RAP - Visual Perception of Humans & Videosurveillance

The privileged applications are passive human-robot interaction (e.g., navigation in cluttered human environment), active human-robot interaction (e.g., proximal interaction through postures and gestures), and surveillance.  Privative spaces as well as large-scale human-populated environments are considered.  Functions span human detection, multiple people and posture tracking, human identification, and interpretation of human motion.  Importantly, they entail data fusion at the sensor level (of low-level cues extracted from the raw signals) or at higher levels (by combining the outputs from lower-level algorithms).
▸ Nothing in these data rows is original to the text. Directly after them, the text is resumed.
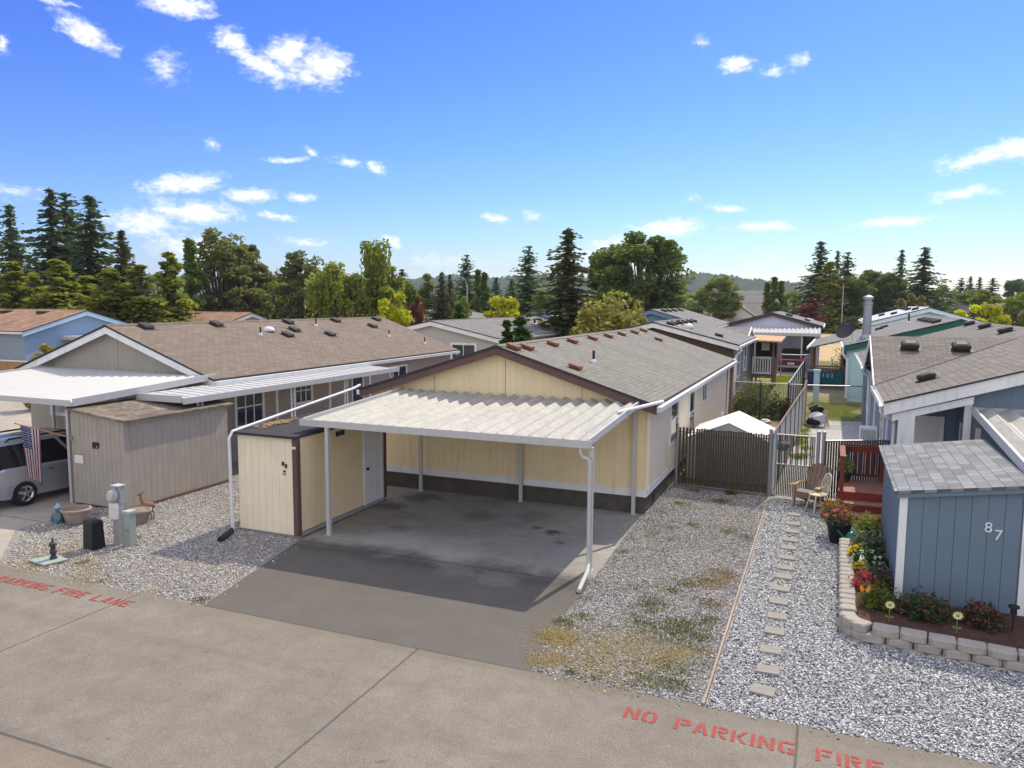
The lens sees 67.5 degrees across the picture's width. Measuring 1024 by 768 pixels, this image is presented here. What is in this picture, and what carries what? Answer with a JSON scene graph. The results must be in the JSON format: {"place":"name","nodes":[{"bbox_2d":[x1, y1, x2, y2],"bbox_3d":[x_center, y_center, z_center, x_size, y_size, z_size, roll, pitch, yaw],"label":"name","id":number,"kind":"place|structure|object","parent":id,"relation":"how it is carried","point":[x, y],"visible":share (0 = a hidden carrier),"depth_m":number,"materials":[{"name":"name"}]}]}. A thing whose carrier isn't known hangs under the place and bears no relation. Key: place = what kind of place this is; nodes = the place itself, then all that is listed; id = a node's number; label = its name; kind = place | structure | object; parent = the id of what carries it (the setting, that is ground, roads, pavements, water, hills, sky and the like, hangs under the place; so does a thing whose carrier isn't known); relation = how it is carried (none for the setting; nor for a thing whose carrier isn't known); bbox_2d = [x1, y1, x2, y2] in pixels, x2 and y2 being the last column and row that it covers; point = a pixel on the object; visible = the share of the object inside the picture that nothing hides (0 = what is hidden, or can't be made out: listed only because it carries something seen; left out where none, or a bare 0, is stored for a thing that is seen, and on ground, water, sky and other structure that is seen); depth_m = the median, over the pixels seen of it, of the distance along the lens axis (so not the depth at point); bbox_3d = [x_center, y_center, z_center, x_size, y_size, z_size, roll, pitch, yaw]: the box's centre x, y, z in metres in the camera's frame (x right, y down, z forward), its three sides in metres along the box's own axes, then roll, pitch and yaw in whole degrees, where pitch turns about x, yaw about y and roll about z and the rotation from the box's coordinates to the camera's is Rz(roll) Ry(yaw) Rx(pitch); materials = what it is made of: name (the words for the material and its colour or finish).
{"place":"outdoors","nodes":[
{"label":"outdoors","id":0,"kind":"place"},
{"bbox_2d":[0,401,31,433],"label":"side street","id":1,"kind":"structure","parent":0,"point":[11,413],"depth_m":36.99,"materials":[{"name":"grey concrete"}]},
{"bbox_2d":[0,487,96,557],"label":"driveway","id":2,"kind":"structure","parent":0,"point":[38,509],"depth_m":20.37,"materials":[{"name":"grey concrete"}]},
{"bbox_2d":[0,426,68,505],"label":"parked van","id":3,"kind":"object","parent":2,"relation":"on","point":[19,486],"visible":0.34,"depth_m":21.13,"materials":[{"name":"silver metal"}]},
{"bbox_2d":[0,365,215,502],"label":"carport","id":4,"kind":"object","parent":2,"relation":"on","point":[52,386],"visible":0.94,"depth_m":23.87,"materials":[{"name":"white metal"}]},
{"bbox_2d":[0,462,302,605],"bbox_3d":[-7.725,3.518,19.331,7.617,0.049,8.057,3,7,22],"label":"gravel","id":5,"kind":"structure","parent":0,"point":[148,528],"depth_m":17.38,"materials":[{"name":"grey gravel"}]},
{"bbox_2d":[60,504,91,524],"bbox_3d":[-10.971,3.298,19.303,0.722,0.429,0.722,3,7,22],"label":"planter pot","id":6,"kind":"object","parent":5,"relation":"on","point":[75,514],"visible":0.98,"depth_m":19.13,"materials":[{"name":"beige ceramic"}]},
{"bbox_2d":[83,517,105,550],"bbox_3d":[-9.477,3.394,17.367,0.387,0.665,0.313,4,7,31],"label":"utility box","id":7,"kind":"object","parent":5,"relation":"on","point":[93,535],"visible":1,"depth_m":17.26,"materials":[{"name":"black plastic"}]},
{"bbox_2d":[106,483,125,544],"bbox_3d":[-9.087,3.007,17.622,0.273,1.385,0.328,3,7,22],"label":"meter pedestal","id":8,"kind":"object","parent":5,"relation":"on","point":[116,494],"visible":0.99,"depth_m":17.57,"materials":[{"name":"grey paint"}]},
{"bbox_2d":[122,509,136,545],"bbox_3d":[-8.764,3.300,17.579,0.238,0.817,0.198,3,7,22],"label":"utility pedestal","id":9,"kind":"object","parent":5,"relation":"on","point":[129,525],"visible":1,"depth_m":17.52,"materials":[{"name":"green paint"}]},
{"bbox_2d":[64,398,233,509],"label":"storage shed","id":10,"kind":"structure","parent":5,"relation":"on","point":[156,452],"depth_m":21.14,"materials":[{"name":"brown wood"}]},
{"bbox_2d":[14,422,72,481],"bbox_3d":[-12.525,1.798,20.586,1.329,1.673,0.102,-4,7,-36],"label":"flag","id":11,"kind":"object","parent":10,"relation":"attached to","point":[31,439],"visible":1,"depth_m":20.42,"materials":[{"name":"multicoloured fabric"}]},
{"bbox_2d":[136,365,399,416],"bbox_3d":[-8.012,1.162,28.055,1.850,2.860,12.020,3,7,22],"label":"patio cover","id":12,"kind":"object","parent":5,"relation":"on","point":[193,394],"visible":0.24,"depth_m":25.74,"materials":[{"name":"white metal"}]},
{"bbox_2d":[229,409,386,537],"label":"storage shed","id":13,"kind":"structure","parent":5,"relation":"on","point":[282,486],"depth_m":18.65,"materials":[{"name":"yellow wood"}]},
{"bbox_2d":[363,431,382,504],"bbox_3d":[-3.794,2.206,21.025,0.086,2.080,0.910,3,7,22],"label":"door","id":14,"kind":"structure","parent":13,"relation":"in","point":[372,440],"depth_m":21.00,"materials":[{"name":"white paint"}]},
{"bbox_2d":[203,486,642,670],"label":"driveway","id":15,"kind":"structure","parent":0,"point":[477,578],"depth_m":15.83,"materials":[{"name":"concrete"}]},
{"bbox_2d":[299,387,638,592],"bbox_3d":[-0.964,2.073,18.837,7.463,3.080,6.021,3,7,22],"label":"carport","id":16,"kind":"object","parent":15,"relation":"on","point":[579,423],"visible":0.98,"depth_m":18.46,"materials":[{"name":"metal"}]},
{"bbox_2d":[0,271,949,303],"bbox_3d":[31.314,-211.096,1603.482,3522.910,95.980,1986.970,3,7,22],"label":"hills","id":17,"kind":"structure","parent":0,"point":[700,279],"depth_m":1850.77,"materials":[{"name":"green plant"}]},
{"bbox_2d":[94,305,879,705],"bbox_3d":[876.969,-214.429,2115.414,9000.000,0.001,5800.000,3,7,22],"label":"ground","id":18,"kind":"structure","parent":0,"point":[830,391],"depth_m":46.58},
{"bbox_2d":[0,261,34,308],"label":"cedar tree","id":19,"kind":"object","parent":18,"relation":"on","point":[14,290],"visible":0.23,"depth_m":61.30,"materials":[{"name":"green plant"}]},
{"bbox_2d":[0,204,54,307],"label":"fir tree","id":20,"kind":"object","parent":18,"relation":"on","point":[15,251],"visible":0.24,"depth_m":81.11,"materials":[{"name":"green plant"}]},
{"bbox_2d":[0,187,85,300],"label":"fir tree","id":21,"kind":"object","parent":18,"relation":"on","point":[51,236],"visible":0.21,"depth_m":87.65,"materials":[{"name":"green plant"}]},
{"bbox_2d":[21,259,90,309],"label":"cedar tree","id":22,"kind":"object","parent":18,"relation":"on","point":[62,296],"visible":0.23,"depth_m":60.97,"materials":[{"name":"green plant"}]},
{"bbox_2d":[0,309,126,360],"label":"manufactured home","id":23,"kind":"object","parent":18,"relation":"on","point":[25,334],"visible":0.36,"depth_m":54.07,"materials":[{"name":"blue"}]},
{"bbox_2d":[26,192,112,283],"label":"fir tree","id":24,"kind":"object","parent":18,"relation":"on","point":[65,211],"visible":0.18,"depth_m":92.04,"materials":[{"name":"green plant"}]},
{"bbox_2d":[41,195,128,300],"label":"fir tree","id":25,"kind":"object","parent":18,"relation":"on","point":[91,238],"visible":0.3,"depth_m":86.16,"materials":[{"name":"green plant"}]},
{"bbox_2d":[78,267,135,322],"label":"cedar tree","id":26,"kind":"object","parent":18,"relation":"on","point":[110,295],"visible":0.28,"depth_m":60.94,"materials":[{"name":"green plant"}]},
{"bbox_2d":[96,229,147,305],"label":"spruce tree","id":27,"kind":"object","parent":18,"relation":"on","point":[123,251],"visible":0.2,"depth_m":75.67,"materials":[{"name":"green plant"}]},
{"bbox_2d":[112,264,175,322],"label":"cedar tree","id":28,"kind":"object","parent":18,"relation":"on","point":[147,308],"visible":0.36,"depth_m":61.30,"materials":[{"name":"green plant"}]},
{"bbox_2d":[145,251,199,321],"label":"cedar tree","id":29,"kind":"object","parent":18,"relation":"on","point":[170,284],"visible":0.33,"depth_m":66.59,"materials":[{"name":"green plant"}]},
{"bbox_2d":[180,237,205,311],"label":"columnar tree","id":30,"kind":"object","parent":18,"relation":"on","point":[193,286],"visible":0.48,"depth_m":72.90,"materials":[{"name":"green plant"}]},
{"bbox_2d":[181,311,270,321],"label":"manufactured home","id":31,"kind":"object","parent":18,"relation":"on","point":[218,316],"visible":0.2,"depth_m":69.13,"materials":[{"name":"beige"}]},
{"bbox_2d":[185,227,267,311],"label":"deciduous tree","id":32,"kind":"object","parent":18,"relation":"on","point":[224,252],"visible":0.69,"depth_m":76.80,"materials":[{"name":"green plant"}]},
{"bbox_2d":[14,316,459,462],"bbox_3d":[-10.852,-0.608,35.433,9.948,4.824,18.100,3,7,22],"label":"manufactured home","id":33,"kind":"object","parent":18,"relation":"on","point":[231,352],"visible":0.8,"depth_m":29.30,"materials":[{"name":"beige"}]},
{"bbox_2d":[234,392,264,428],"bbox_3d":[-9.330,0.789,27.279,0.058,1.470,1.520,3,7,22],"label":"window","id":34,"kind":"structure","parent":33,"relation":"in","point":[250,408],"depth_m":27.27,"materials":[{"name":"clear glass"}]},
{"bbox_2d":[222,244,276,318],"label":"deciduous tree","id":35,"kind":"object","parent":18,"relation":"on","point":[259,274],"visible":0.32,"depth_m":81.89,"materials":[{"name":"green plant"}]},
{"bbox_2d":[272,250,330,318],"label":"deciduous tree","id":36,"kind":"object","parent":18,"relation":"on","point":[291,271],"visible":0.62,"depth_m":73.50,"materials":[{"name":"green plant"}]},
{"bbox_2d":[303,261,375,318],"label":"birch tree","id":37,"kind":"object","parent":18,"relation":"on","point":[327,286],"visible":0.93,"depth_m":70.56,"materials":[{"name":"green plant"}]},
{"bbox_2d":[343,238,405,315],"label":"birch tree","id":38,"kind":"object","parent":18,"relation":"on","point":[384,281],"visible":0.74,"depth_m":73.31,"materials":[{"name":"green plant"}]},
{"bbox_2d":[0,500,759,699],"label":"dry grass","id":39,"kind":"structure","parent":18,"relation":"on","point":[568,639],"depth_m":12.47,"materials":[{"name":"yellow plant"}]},
{"bbox_2d":[376,292,412,325],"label":"golden tree","id":40,"kind":"object","parent":18,"relation":"on","point":[401,316],"visible":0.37,"depth_m":62.51,"materials":[{"name":"yellow plant"}]},
{"bbox_2d":[417,273,437,309],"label":"cedar tree","id":41,"kind":"object","parent":18,"relation":"on","point":[425,291],"visible":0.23,"depth_m":129.53,"materials":[{"name":"green plant"}]},
{"bbox_2d":[423,272,455,321],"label":"spruce tree","id":42,"kind":"object","parent":18,"relation":"on","point":[442,310],"visible":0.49,"depth_m":110.41,"materials":[{"name":"green plant"}]},
{"bbox_2d":[451,254,490,309],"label":"fir tree","id":43,"kind":"object","parent":18,"relation":"on","point":[465,275],"visible":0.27,"depth_m":144.22,"materials":[{"name":"green plant"}]},
{"bbox_2d":[227,327,737,529],"bbox_3d":[1.895,0.499,27.250,9.448,4.502,23.038,3,7,22],"label":"manufactured home","id":44,"kind":"object","parent":18,"relation":"on","point":[667,383],"visible":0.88,"depth_m":22.01,"materials":[{"name":"beige"}]},
{"bbox_2d":[404,316,562,358],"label":"manufactured home","id":45,"kind":"object","parent":18,"relation":"on","point":[465,336],"visible":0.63,"depth_m":56.47,"materials":[{"name":"grey"}]},
{"bbox_2d":[483,295,519,317],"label":"golden tree","id":46,"kind":"object","parent":18,"relation":"on","point":[504,306],"visible":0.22,"depth_m":74.94,"materials":[{"name":"yellow plant"}]},
{"bbox_2d":[505,246,549,316],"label":"fir tree","id":47,"kind":"object","parent":18,"relation":"on","point":[528,280],"visible":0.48,"depth_m":130.48,"materials":[{"name":"green plant"}]},
{"bbox_2d":[524,227,605,336],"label":"spruce tree","id":48,"kind":"object","parent":18,"relation":"on","point":[566,304],"visible":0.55,"depth_m":66.68,"materials":[{"name":"green plant"}]},
{"bbox_2d":[569,289,641,334],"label":"bushy shrub","id":49,"kind":"object","parent":18,"relation":"on","point":[618,320],"visible":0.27,"depth_m":55.02,"materials":[{"name":"green plant"}]},
{"bbox_2d":[592,231,695,314],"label":"oak tree","id":50,"kind":"object","parent":18,"relation":"on","point":[653,290],"visible":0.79,"depth_m":105.93,"materials":[{"name":"green plant"}]},
{"bbox_2d":[600,308,729,326],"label":"manufactured home","id":51,"kind":"object","parent":18,"relation":"on","point":[651,315],"visible":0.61,"depth_m":63.92,"materials":[{"name":"grey"}]},
{"bbox_2d":[619,318,757,399],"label":"manufactured home","id":52,"kind":"object","parent":18,"relation":"on","point":[734,342],"visible":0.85,"depth_m":43.70,"materials":[{"name":"grey"}]},
{"bbox_2d":[702,496,768,705],"bbox_3d":[5.067,3.895,16.499,0.035,0.060,12.540,3,7,22],"label":"edging strip","id":53,"kind":"object","parent":18,"relation":"on","point":[723,639],"visible":1,"depth_m":13.61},
{"bbox_2d":[726,311,824,367],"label":"manufactured home","id":54,"kind":"object","parent":18,"relation":"on","point":[778,319],"visible":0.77,"depth_m":67.91,"materials":[{"name":"purple"}]},
{"bbox_2d":[770,380,807,495],"bbox_3d":[10.668,1.554,29.200,0.118,2.052,15.192,3,7,24],"label":"slat fence","id":55,"kind":"object","parent":18,"relation":"on","point":[793,420],"visible":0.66,"depth_m":28.54,"materials":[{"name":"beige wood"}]},
{"bbox_2d":[705,496,1023,767],"bbox_3d":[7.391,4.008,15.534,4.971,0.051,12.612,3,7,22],"label":"gravel","id":56,"kind":"structure","parent":18,"relation":"on","point":[837,645],"depth_m":11.63,"materials":[{"name":"grey gravel"}]},
{"bbox_2d":[789,463,832,510],"bbox_3d":[8.376,2.849,21.381,1.005,1.136,0.880,-5,8,-43],"label":"adirondack chair","id":57,"kind":"object","parent":56,"relation":"on","point":[812,483],"visible":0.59,"depth_m":21.52,"materials":[{"name":"brown wood"}]},
{"bbox_2d":[815,431,889,498],"bbox_3d":[9.677,2.341,21.791,2.124,2.042,0.152,0,6,-2],"label":"slat fence","id":58,"kind":"object","parent":56,"relation":"on","point":[824,454],"visible":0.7,"depth_m":21.77,"materials":[{"name":"metal"}]},
{"bbox_2d":[774,434,815,497],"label":"chain link gate","id":59,"kind":"structure","parent":58,"relation":"attached to","point":[789,469],"depth_m":22.03,"materials":[{"name":"metal"}]},
{"bbox_2d":[832,443,883,523],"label":"wooden deck","id":60,"kind":"structure","parent":56,"relation":"on","point":[860,496],"depth_m":20.51,"materials":[{"name":"red wood"}]},
{"bbox_2d":[879,439,1023,615],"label":"storage shed","id":61,"kind":"structure","parent":56,"relation":"on","point":[952,520],"depth_m":13.63,"materials":[{"name":"blue wood"}]},
{"bbox_2d":[972,407,1023,472],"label":"carport","id":62,"kind":"object","parent":56,"relation":"on","point":[1003,428],"visible":0.87,"depth_m":17.00,"materials":[{"name":"metal"}]},
{"bbox_2d":[806,295,966,401],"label":"manufactured home","id":63,"kind":"object","parent":18,"relation":"on","point":[920,325],"visible":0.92,"depth_m":46.31,"materials":[{"name":"green"}]},
{"bbox_2d":[858,306,988,326],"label":"manufactured home","id":64,"kind":"object","parent":18,"relation":"on","point":[901,313],"visible":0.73,"depth_m":60.50,"materials":[{"name":"white"}]},
{"bbox_2d":[838,538,1023,674],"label":"planter wall","id":65,"kind":"structure","parent":18,"relation":"on","point":[852,625],"depth_m":12.40,"materials":[{"name":"concrete"}]},
{"bbox_2d":[852,543,1023,652],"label":"planting soil","id":66,"kind":"structure","parent":65,"relation":"in","point":[1014,638],"depth_m":12.82,"materials":[{"name":"brown soil"}]},
{"bbox_2d":[848,526,885,550],"bbox_3d":[7.716,3.364,16.729,0.774,0.546,0.763,-2,6,-19],"label":"variegated plant","id":67,"kind":"object","parent":66,"relation":"on","point":[860,538],"visible":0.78,"depth_m":16.64,"materials":[{"name":"green plant"}]},
{"bbox_2d":[848,542,888,567],"bbox_3d":[7.318,3.523,15.716,0.792,0.459,0.744,3,7,22],"label":"flowering plant","id":68,"kind":"object","parent":66,"relation":"on","point":[873,556],"visible":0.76,"depth_m":15.65,"materials":[{"name":"green plant"}]},
{"bbox_2d":[856,579,900,611],"bbox_3d":[6.500,3.724,13.576,0.738,0.488,0.757,3,7,22],"label":"round shrub","id":69,"kind":"object","parent":66,"relation":"on","point":[878,596],"visible":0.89,"depth_m":13.51,"materials":[{"name":"green plant"}]},
{"bbox_2d":[891,585,952,624],"bbox_3d":[7.051,3.781,13.180,0.965,0.463,0.951,3,7,22],"label":"rose bush","id":70,"kind":"object","parent":66,"relation":"on","point":[916,604],"visible":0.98,"depth_m":13.05,"materials":[{"name":"green plant"}]},
{"bbox_2d":[954,598,1007,631],"bbox_3d":[7.871,3.833,12.839,0.723,0.444,0.803,-5,8,-41],"label":"rose bush","id":71,"kind":"object","parent":66,"relation":"on","point":[981,614],"visible":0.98,"depth_m":12.72,"materials":[{"name":"green plant"}]},
{"bbox_2d":[854,320,1023,471],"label":"manufactured home","id":72,"kind":"object","parent":18,"relation":"on","point":[935,386],"visible":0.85,"depth_m":21.36,"materials":[{"name":"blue wood"}]},
{"bbox_2d":[914,415,944,442],"bbox_3d":[11.248,1.985,20.940,0.880,2.250,0.086,3,7,22],"label":"door","id":73,"kind":"structure","parent":72,"relation":"in","point":[927,428],"depth_m":20.83,"materials":[{"name":"white paint"}]},
{"bbox_2d":[980,302,1011,324],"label":"golden tree","id":74,"kind":"object","parent":18,"relation":"on","point":[995,311],"visible":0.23,"depth_m":65.48,"materials":[{"name":"yellow plant"}]},
{"bbox_2d":[1000,292,1023,326],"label":"leafy tree","id":75,"kind":"object","parent":18,"relation":"on","point":[1013,307],"visible":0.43,"depth_m":90.97,"materials":[{"name":"green plant"}]},
{"bbox_2d":[0,565,1008,767],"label":"road","id":76,"kind":"structure","parent":0,"point":[147,682],"depth_m":10.61,"materials":[{"name":"concrete"}]},
{"bbox_2d":[623,707,906,767],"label":"road markings","id":77,"kind":"object","parent":76,"relation":"on","point":[760,740],"visible":1,"depth_m":9.89,"materials":[{"name":"red paint"}]},
{"bbox_2d":[0,0,1023,298],"label":"sky","id":78,"kind":"structure","parent":0,"point":[746,135],"materials":[{"name":"blue"}]},
{"bbox_2d":[530,485,767,705],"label":"gravel","id":79,"kind":"structure","parent":0,"point":[731,517],"depth_m":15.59,"materials":[{"name":"grey gravel"}]},
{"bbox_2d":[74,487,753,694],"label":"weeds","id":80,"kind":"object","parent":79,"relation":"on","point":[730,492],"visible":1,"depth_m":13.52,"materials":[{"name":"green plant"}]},
{"bbox_2d":[622,524,738,655],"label":"dead weeds","id":81,"kind":"object","parent":79,"relation":"on","point":[711,581],"visible":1,"depth_m":14.41,"materials":[{"name":"brown plant"}]},
{"bbox_2d":[674,423,773,496],"bbox_3d":[6.298,2.211,22.978,2.890,2.013,0.118,4,7,29],"label":"slat fence","id":82,"kind":"object","parent":79,"relation":"on","point":[767,461],"visible":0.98,"depth_m":22.90,"materials":[{"name":"wood"}]},
{"bbox_2d":[671,420,779,495],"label":"back yard","id":83,"kind":"structure","parent":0,"point":[773,424],"depth_m":24.00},
{"bbox_2d":[685,411,775,484],"bbox_3d":[7.245,2.020,25.210,2.590,1.930,2.900,3,7,22],"label":"canopy shelter","id":84,"kind":"object","parent":83,"relation":"on","point":[739,421],"visible":0.29,"depth_m":24.29,"materials":[{"name":"white fabric"}]},
{"bbox_2d":[732,377,807,421],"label":"lawn","id":85,"kind":"structure","parent":0,"point":[781,395],"depth_m":49.42,"materials":[{"name":"green plant"}]},
{"bbox_2d":[732,383,778,416],"bbox_3d":[11.755,0.757,38.378,2.878,1.718,2.960,-5,8,-38],"label":"garden shrub","id":86,"kind":"object","parent":85,"relation":"on","point":[743,406],"visible":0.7,"depth_m":38.00,"materials":[{"name":"green plant"}]},
{"bbox_2d":[725,380,802,419],"bbox_3d":[12.086,0.819,36.923,3.553,1.894,0.103,3,7,26],"label":"chain link fence","id":87,"kind":"object","parent":85,"relation":"on","point":[772,393],"visible":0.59,"depth_m":36.88,"materials":[{"name":"metal"}]},
{"bbox_2d":[750,335,785,388],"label":"wooden porch","id":88,"kind":"object","parent":85,"relation":"on","point":[765,357],"visible":0.89,"depth_m":51.20,"materials":[{"name":"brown wood"}]},
{"bbox_2d":[766,374,861,458],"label":"lawn grass","id":89,"kind":"structure","parent":85,"relation":"on","point":[786,378],"depth_m":39.04,"materials":[{"name":"green plant"}]},
{"bbox_2d":[753,366,808,376],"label":"driveway","id":90,"kind":"structure","parent":0,"point":[785,372],"depth_m":64.10,"materials":[{"name":"grey concrete"}]},
{"bbox_2d":[753,326,820,364],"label":"carport","id":91,"kind":"object","parent":90,"relation":"on","point":[794,331],"visible":0.88,"depth_m":64.40,"materials":[{"name":"white metal"}]},
{"bbox_2d":[773,421,877,501],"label":"gravel path","id":92,"kind":"structure","parent":0,"point":[837,430],"depth_m":32.21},
{"bbox_2d":[806,385,865,424],"bbox_3d":[15.123,0.954,35.823,2.582,1.894,0.081,1,6,10],"label":"chain link fence","id":93,"kind":"object","parent":92,"relation":"on","point":[863,402],"visible":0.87,"depth_m":35.76,"materials":[{"name":"metal"}]},
{"bbox_2d":[820,329,859,343],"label":"dry field","id":94,"kind":"structure","parent":0,"point":[825,334],"depth_m":143.15,"materials":[{"name":"plant"}]},
{"bbox_2d":[699,274,744,319],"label":"leafy tree","id":95,"kind":"object","parent":94,"relation":"on","point":[718,308],"visible":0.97,"depth_m":165.94,"materials":[{"name":"green plant"}]},
{"bbox_2d":[796,297,826,329],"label":"plum tree","id":96,"kind":"object","parent":94,"relation":"on","point":[811,303],"visible":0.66,"depth_m":128.58,"materials":[{"name":"purple plant"}]},
{"bbox_2d":[782,241,856,329],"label":"fir tree","id":97,"kind":"object","parent":94,"relation":"on","point":[811,281],"visible":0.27,"depth_m":158.02,"materials":[{"name":"green plant"}]},
{"bbox_2d":[812,261,860,333],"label":"cedar tree","id":98,"kind":"object","parent":94,"relation":"on","point":[828,308],"visible":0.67,"depth_m":150.89,"materials":[{"name":"green plant"}]},
{"bbox_2d":[832,276,878,321],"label":"oak tree","id":99,"kind":"object","parent":94,"relation":"on","point":[853,284],"visible":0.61,"depth_m":150.25,"materials":[{"name":"green plant"}]},
{"bbox_2d":[870,272,906,313],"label":"oak tree","id":100,"kind":"object","parent":94,"relation":"on","point":[889,283],"visible":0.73,"depth_m":164.45,"materials":[{"name":"green plant"}]},
{"bbox_2d":[882,247,962,312],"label":"fir tree","id":101,"kind":"object","parent":94,"relation":"on","point":[922,285],"visible":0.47,"depth_m":160.25,"materials":[{"name":"green plant"}]},
{"bbox_2d":[966,289,1004,322],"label":"leafy tree","id":102,"kind":"object","parent":94,"relation":"on","point":[979,298],"visible":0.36,"depth_m":126.83,"materials":[{"name":"green plant"}]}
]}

Detection and tracking have mainly been addressed via probabilistic and Monte Carlo supervised classification and filtering methods, respectively.  We have performed people detection from heterogeneous features via single-class methods such as boosting (A.A. Mekonnen’s thesis).  Multiple-class methods like ``random forest'' have been used to detect body limbs for posture recognition (L. Marti’s thesis).  As for tracking, an original fusion of vision and RFID in a reversible jump Monte Carlo Markov Chain (MCMC) particle filter enabled the real time robust navigation of a robot in a cluttered human environment [Mekonnen-et-al_CVIU2013] (A.A. Mekonnen and T. Germa’ theses).  We could track and re-identify people from a network of cameras with non-overlapping field of views, thanks to the coupling of local tracking and identification systems (one per camera, entailing a mixed-state particle filter) with a MCMC based supervisor in charge of the association of “tracklets” [Meden-et-al_BMVC2012] (B. Meden’s thesis).  Recent work has concerned the reconstruction and tracking of posture from single and multiple Kinect sensors by stochastic filtering or smoothing (L. Marti and J.T. Masse’ theses).

Visual Perception of Humans and Videosurveillance
(Top) Vision & RFID based tracking and coordinated motion of a tour-guide robot into crowds.
(Bottom) Visual tracking and re-identification of people from non-overlapping cameras.